ウィニー開発者に逆転無罪 「違法行為勧めていない」
ファイル共有ソフト「ウィニー」を開発、インターネットで公開して映画やゲームなどの違法コピーを助けたとして著作権法違反ほう助の罪に問われた元東大助手金子勇被告(39)の控訴審判決で大阪高裁は8日、罰金150万円とした一審京都地裁の有罪判決を破棄し、逆転無罪を言い渡した。
小倉正三裁判長は「著作権侵害を主な用途として勧めウィニーを提供したとは認められず、ソフトの公開はほう助に当たらない」との判断を示した。
ファイル共有ソフトを使った著作権侵害をめぐり、開発者本人が刑事責任を問われた初のケース。さまざまな目的で利用できるソフトを公開したことが悪用による著作権侵害の手助けに当たるかどうかが争点だった。
金子被告は一貫して無罪を主張し「技術開発の現場を萎縮させる」と一審判決を批判。高裁の判断が注目されていた。
小倉裁判長は判決理由で、まず著作権侵害ほう助罪の成立について「提供したソフトの主な用途が著作権侵害だと容認した上で提供しなければほう助に当たらない」と判断した。
さらに「ウィニーそのものは価値中立のソフト」と認めた上で「金子被告は公開時に著作権侵害をする人が出る可能性を認識、容認していたが、違法ファイル交換をしないよう注意喚起もしていた」と指摘。違法行為を積極的に勧めて提供したものではない、と認め、ほう助罪の成立を否定した。
ウィニーは2002年に金子被告が公開。無料で、操作性に優れていることなどから人気を集め、現在でも1日当たり約20万台のパソコンで使われているとされる。
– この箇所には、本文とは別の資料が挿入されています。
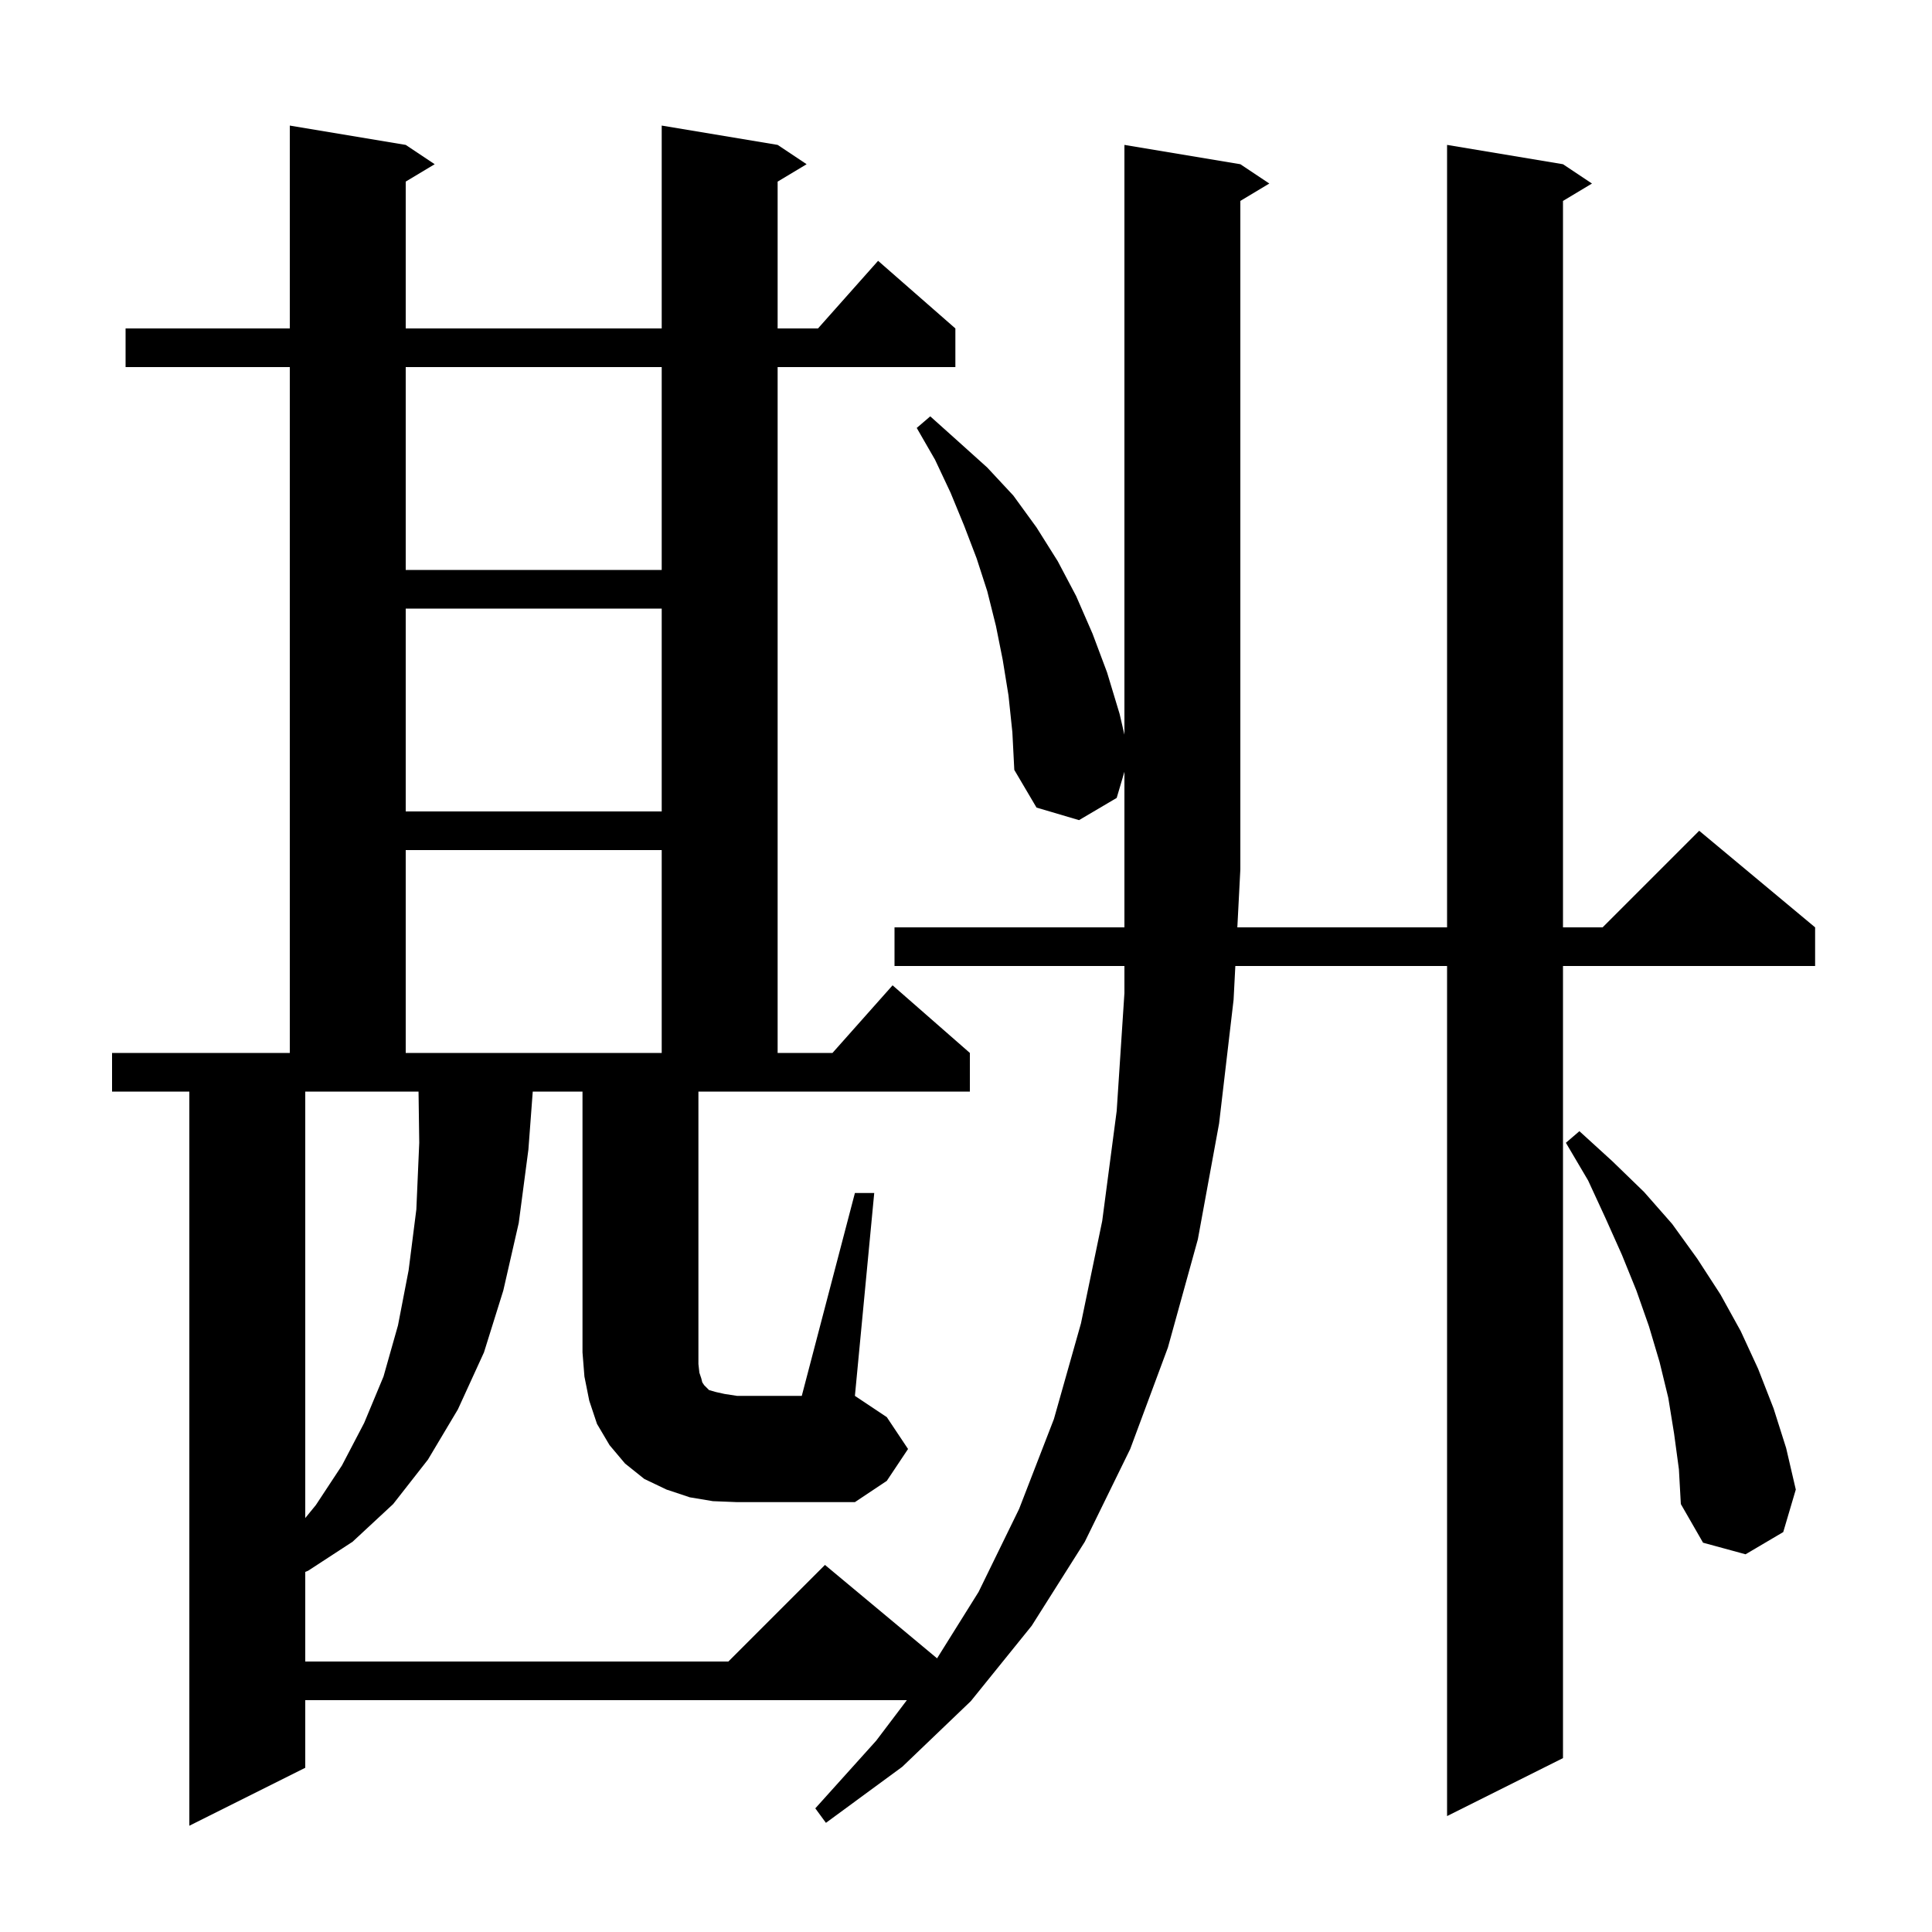<svg xmlns="http://www.w3.org/2000/svg" xmlns:xlink="http://www.w3.org/1999/xlink" version="1.1" baseProfile="full" viewBox="0 0 200 200" width="200" height="200"><g fill="currentColor"><path d="M 173.3 148.4 L 172.7 144.7 L 171.8 141.0 L 170.7 137.3 L 169.4 133.6 L 167.9 129.9 L 166.2 126.1 L 164.4 122.2 L 162.1 118.3 L 163.5 117.1 L 166.9 120.2 L 170.2 123.4 L 173.1 126.7 L 175.7 130.3 L 178.1 134.0 L 180.2 137.8 L 182.0 141.7 L 183.6 145.8 L 184.9 149.9 L 185.9 154.2 L 184.6 158.6 L 180.7 160.9 L 176.3 159.7 L 174.0 155.7 L 173.8 152.1 Z M 31.6 157.148 L 32.7 155.8 L 35.4 151.7 L 37.7 147.3 L 39.7 142.5 L 41.2 137.2 L 42.3 131.5 L 43.1 125.2 L 43.4 118.3 L 43.327 113.0 L 31.6 113.0 Z M 73.8 155.4 L 71.4 155.0 L 69.0 154.2 L 66.7 153.1 L 64.7 151.5 L 63.1 149.6 L 61.8 147.4 L 61.0 145.0 L 60.5 142.5 L 60.3 140.0 L 60.3 113.0 L 55.15 113.0 L 54.7 119.0 L 53.7 126.6 L 52.1 133.6 L 50.1 140.0 L 47.4 145.9 L 44.3 151.1 L 40.7 155.7 L 36.5 159.6 L 31.9 162.6 L 31.6 162.724 L 31.6 172.0 L 75.4 172.0 L 85.4 162.0 L 97.005 171.671 L 101.3 164.8 L 105.5 156.2 L 109.1 146.9 L 111.9 137.0 L 114.1 126.4 L 115.6 115.0 L 116.4 102.8 L 116.4 100.0 L 92.6 100.0 L 92.6 96.0 L 116.4 96.0 L 116.4 79.892 L 115.6 82.6 L 111.7 84.9 L 107.3 83.6 L 105.0 79.7 L 104.8 75.8 L 104.4 72.0 L 103.8 68.3 L 103.1 64.8 L 102.2 61.2 L 101.1 57.8 L 99.8 54.4 L 98.4 51.0 L 96.8 47.6 L 94.9 44.3 L 96.3 43.1 L 99.2 45.7 L 102.2 48.4 L 104.9 51.3 L 107.3 54.6 L 109.5 58.1 L 111.4 61.7 L 113.1 65.6 L 114.6 69.6 L 115.9 73.9 L 116.4 76.05 L 116.4 15.0 L 128.4 17.0 L 131.4 19.0 L 128.4 20.8 L 128.4 90.0 L 128.089 96.0 L 149.8 96.0 L 149.8 15.0 L 161.8 17.0 L 164.8 19.0 L 161.8 20.8 L 161.8 96.0 L 165.9 96.0 L 175.9 86.0 L 187.9 96.0 L 187.9 100.0 L 161.8 100.0 L 161.8 182.0 L 149.8 188.0 L 149.8 100.0 L 127.881 100.0 L 127.7 103.5 L 126.2 116.3 L 124.0 128.3 L 120.9 139.5 L 117.0 150.0 L 112.3 159.6 L 106.8 168.3 L 100.5 176.1 L 93.4 182.9 L 85.5 188.7 L 84.4 187.2 L 90.7 180.2 L 93.878 176.0 L 31.6 176.0 L 31.6 183.0 L 19.6 189.0 L 19.6 113.0 L 11.6 113.0 L 11.6 109.0 L 30.0 109.0 L 30.0 38.0 L 13.0 38.0 L 13.0 34.0 L 30.0 34.0 L 30.0 13.0 L 42.0 15.0 L 45.0 17.0 L 42.0 18.8 L 42.0 34.0 L 68.5 34.0 L 68.5 13.0 L 80.5 15.0 L 83.5 17.0 L 80.5 18.8 L 80.5 34.0 L 84.678 34.0 L 90.9 27.0 L 98.9 34.0 L 98.9 38.0 L 80.5 38.0 L 80.5 109.0 L 86.178 109.0 L 92.4 102.0 L 100.4 109.0 L 100.4 113.0 L 72.3 113.0 L 72.3 141.2 L 72.4 142.1 L 72.6 142.7 L 72.7 143.1 L 72.9 143.4 L 73.4 143.9 L 74.1 144.1 L 75.0 144.3 L 76.3 144.5 L 83.0 144.5 L 88.5 123.5 L 90.5 123.5 L 88.5 144.5 L 91.8 146.7 L 94.0 150.0 L 91.8 153.3 L 88.5 155.5 L 76.3 155.5 Z M 42.0 88.0 L 42.0 109.0 L 68.5 109.0 L 68.5 88.0 Z M 42.0 63.0 L 42.0 84.0 L 68.5 84.0 L 68.5 63.0 Z M 42.0 38.0 L 42.0 59.0 L 68.5 59.0 L 68.5 38.0 Z "/></g></svg>

金子被告はウィニーをホームページ上で公開し、03年9月に群馬県高崎市の男性ら2人=有罪判決確定=が映画などを違法にダウンロードできる状態にするのを助けたとして起訴された。06年12月の京都地裁判決は「ウィニーが著作権侵害に広く利用されていると知りながら、公開を続けたのはほう助に当たる」と判断。検察、弁護側双方が控訴していた。